E aqui há se de contar o confinamento desde o momento da entrada dele na embaixada do Equador, em 2012, passando depois pela “Prisão de Sua Majestade Belmarsh” desde 2019, no Reino Unido, prisão conhecida também como “Baía de Guantánamo da Grã-Bretanha”, tal o modo como tratadas as pessoas ali encarceradas.

Prisão reservada a presos masculinos, Belmarsh abriga “presos de alto perfil”, curiosa definição reservada àqueles relacionados à segurança nacional.

Dentro de Bermarsch, há 48 celas individuais.

Parecida com Guantánamo, a odiosa prisão dos Estados Unidos em território cubano, porque ali encarcerados suspeitos de terrorismo sem qualquer acusação, e por longo tempo.

É a prisão mais dura da Inglaterra, alvo de muitas denúncias de torturas, à semelhança, insista-se, de Guantánamo.

Ali Assange viveu cinco anos, o mais tormentoso, sofrido momento da saga dele.

Houve muita mobilização de expressivos intelectuais, militantes de direitos humanos de todo o mundo, de várias autoridades, Lula entre elas, em favor da libertação dele.

Pouco da própria mídia empresarial.

Pouco também das redes sociais tradicionais.
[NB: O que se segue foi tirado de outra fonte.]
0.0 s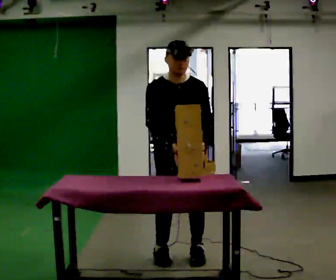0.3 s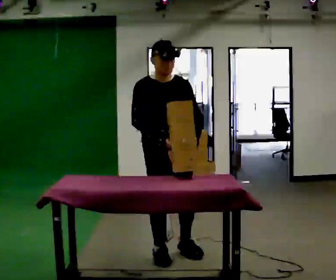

O jornalismo parecia ter vergonha de Assange.

E tinha alguma razão para tanto.

À euforia do mundo democrático diante da libertação dele, dos defensores de direitos humanos, da liberdade de opinião, à euforia dos defensores do jornalismo livre, aquele da utopia da busca da verdade, a isso tudo corresponderam notas de pé de página da mídia tradicional.

E um noticiário insosso, “objetivo”, a naturalizar os processos persecutórios estadunidenses, como a dar razão a todos os procedimentos do império contra o jornalista.

Provável, e não o diz, essa mídia condene a atividade de Assange.

Talvez imagine, só para argumentar ela diria, Assange trabalhe fora dos parâmetros estabelecidos por ela, mídia tradicional.

Foi atrás de coisas perigosas.

Desafiou a segurança nacional dos Estados Unidos.

Sem permissão.

Está acostumada isso.

A pedir licença.

Assange não queria pedir licença.

Queria mostrar a cara do monstro.

A cara do império.

De como trata os adversários.

A qualificá-los de terroristas, e a matá-los, eliminá-los com métodos terroristas.

Estamos assistindo a isso agora, como o holocausto verificado em Gaza, com Israel e Estados Unidos massacrando toda uma população com o argumento do combate ao terrorismo, usando o terrorismo diariamente contra mulheres e crianças principalmente.

Assange fez jornalismo.

Decididamente, Assange é um herói desses tempos de internet, desses tempos da mídia empresarial acovardada, totalmente submissa, porque parte do capitalismo neoliberal, com toda a violência e política de exclusão praticada pelo atual estágio do modo de produção de mercadorias no mundo.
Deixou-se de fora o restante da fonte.